Anne ve baba, eğer ailede göz tembelliği veya şaşılık gibi bir göz problemi varsa çocuklarında görülme riski daha fazla olabileceğinden çocuklarını geciktirmeden
göz muayenesinden geçirmeleri gerekir. Eğer göz tembelliği teşhis edilip tedavi verilmişse, bu tedaviyi aynen uygulamaları, çocuklarının gelecekteki görme
düzeyleri açısından oldukça belirleyici olacağını unutmamaları ve çocuğu da tedaviye teşvik edecek şekilde davranış yöntemleri geliştirmeleri uygun olacaktır.
( Op.Dr. Tülay Kılıç )
Prematüre bebeklerin korkulu rüyası: Körlük
İnsanların hayatlarında en mutlu olduğu anların başında, anne baba olduklarını öğrendikleri ve bebeklerini kucaklarına aldıkları an gelir. Bebekleri prematüre doğan ebeveynler için ise yorucu bir maraton başlar. Onlar için en önemli şey bebeğin yaşamasıdır. Gelişen tıp teknolojisi sonucunda geçmişe oranla daha çok bebek yaşatılıyor. Ancak bu olumlu gelişme beraberinde, erken teşhis edilmediği taktirde her iki gözde de körlüğe yol açan Prematüre Retinopatisi hastası bebeklerin sayısında da artışa neden oluyor. Hastalığın körlüğe dönüşmesini engellemenin tek yolu ise erken teşhis ve tedaviden geçiyor.
Bebeklerin gözlerindeki damarlar, doğuncaya kadar gelişir. Erken doğan bebeklerde bu gelişme tamamlanmadığı için doğduktan sonra da devam eder. Prematüre bebekleri yaşatmak için yüksek konsantrasyonlarda verilen oksijen, gözdeki damarların anormal gelişmesine sebep olur. Bunun sonucunda ise damarlanması tamamlanmamış bebeklerin retinalarında kısaca ROP olarak tabir edilen, Prematüre Retinopatisi hastalığı meydana gelir.
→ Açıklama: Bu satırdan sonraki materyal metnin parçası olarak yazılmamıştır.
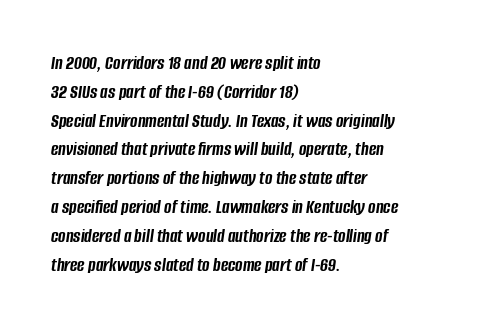
Line starts are locked; line ends wander. The horizontal fit of the characters is conventional and even. The whole block is typeset with a tilt. The leading is moderate, giving the passage an even texture.
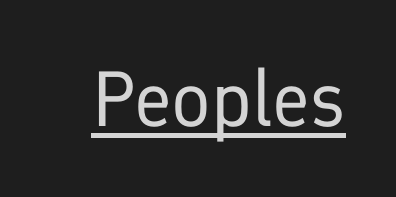
{"serif": "no", "italic": "no", "bold": "no", "weight": "regular", "width": "normal", "stroke_contrast": "low", "x_height": "medium", "monospaced": "no", "underline": "yes", "letter_spacing": "normal", "letter_spacing_em": 0.0, "glyph_px": 78}
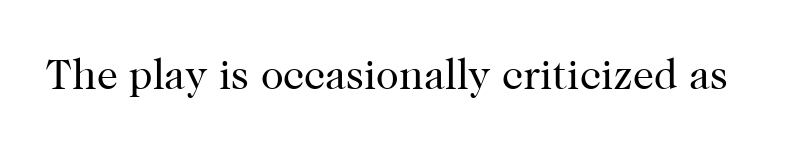
How are the letters spaced? Ordinarily, with no added tracking. This sample uses an upright cut, with every glyph sitting square on the baseline. Lines of text with bare space underneath. The letters advance in unequal steps, a hallmark of proportional type. This rendering employs a face with finishing strokes, i.e., a serif. This reads as an unemphasized weight, regular at the heaviest.
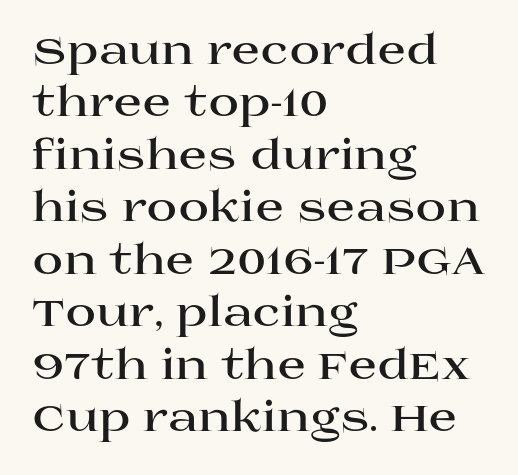
The image shows 42 px bold, wide serif type, upright; set left-aligned, normal line spacing (1.25x), normal letter spacing, not underlined; high stroke contrast and a large x-height.
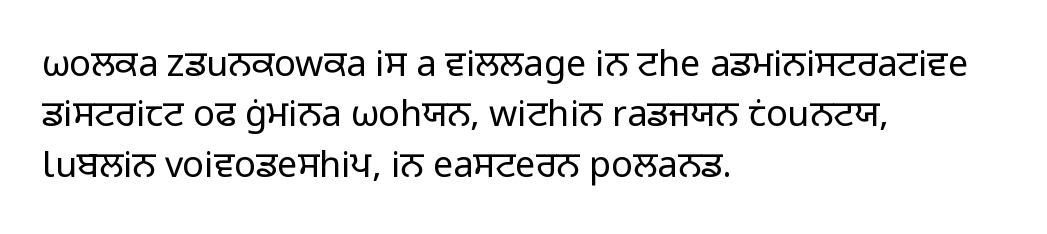
The image shows 36 px regular-weight sans-serif type, upright; set left-aligned, normal line spacing (1.4x), normal letter spacing, not underlined; low stroke contrast and a medium x-height.
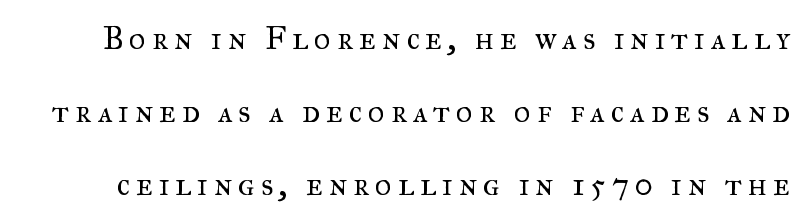
The image shows 32 px regular-weight serif type, upright; set loose line spacing (2.28x), not underlined; medium stroke contrast and a small x-height.
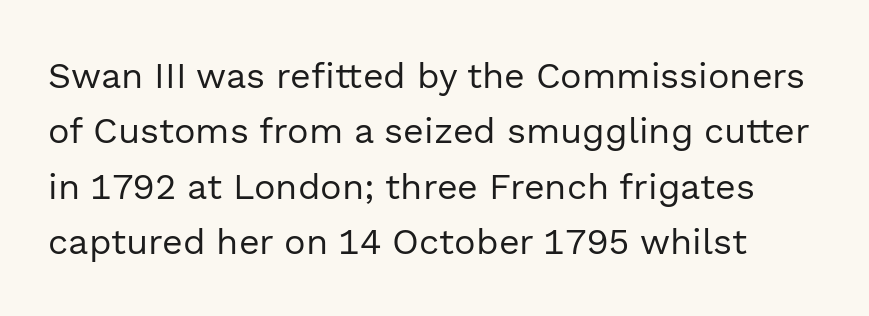
Q: Is the text bold? A: No.
Q: Is the text italic (slanted)? A: No, it is upright.
Q: Is the typeface a serif or a sans-serif typeface? A: Sans-serif.
Q: Is the text underlined? A: No.
Q: Is the spacing between letters normal or unusually wide? A: Normal.
Q: Is the spacing between lines tight, normal or loose? A: Normal.
Q: Width (condensed, normal, or wide)? A: Normal.
Q: x-height? A: Medium.
Q: Monospaced? A: No.

Erken dönemde tedavi edilmezse her iki gözde de körlüğe yol açar.
Prematüre Retinopatisi’nin en sık görüldüğü grup 1.000 gramın altında doğanlardır. Bu nedenle 1500 gramın altında ve 32’inci haftadan önce doğmuş tüm bebeklerin mutlaka ROP muayenesinin yapılması gerekir. Yeni doğan bebekler konusunda uzmanlaşmış çocuk doktorları ve oftalmalogların birlikte çalışması ile ROP’un erken tanısı ve tedavisi mümkündür. Bebeklerde rastlanan akciğer, kalp damar rahatsızlıkları, ağır enfeksiyonlar ve beyinde yaşanabilecek problemler de retinopati riskini artırmaktadır.
Doğumdan sonra 4-6 hafta arasında mutlaka göz muayenesinin yapılması gerekir, hafiften ağıra doğru beş evresi bulunan ROP tedavisindeki başarı, hastalığın evresiyle ilintilidir. İlk iki evresinde takibi yeterlidir. Üçüncü evreden itibaren ise lazer ve krio tedavisine başlanılması gerekir. Hastalık tedavide en iyi sonucu üçüncü evrede verir. Dördüncü ve beşinci evrelerde yapılması zorunlu cerrahi müdahalede ise başarılı sonuç pek yüksek değildir.
Yeni doğan tüm bebeklerin ilk bir ay içinde göz muayenesinin yapılması sadece ROP değil, birçok göz hastalığının zamanında tanısının konması ve başarılı tedavi olanağını sağlaması açısından önemlidir.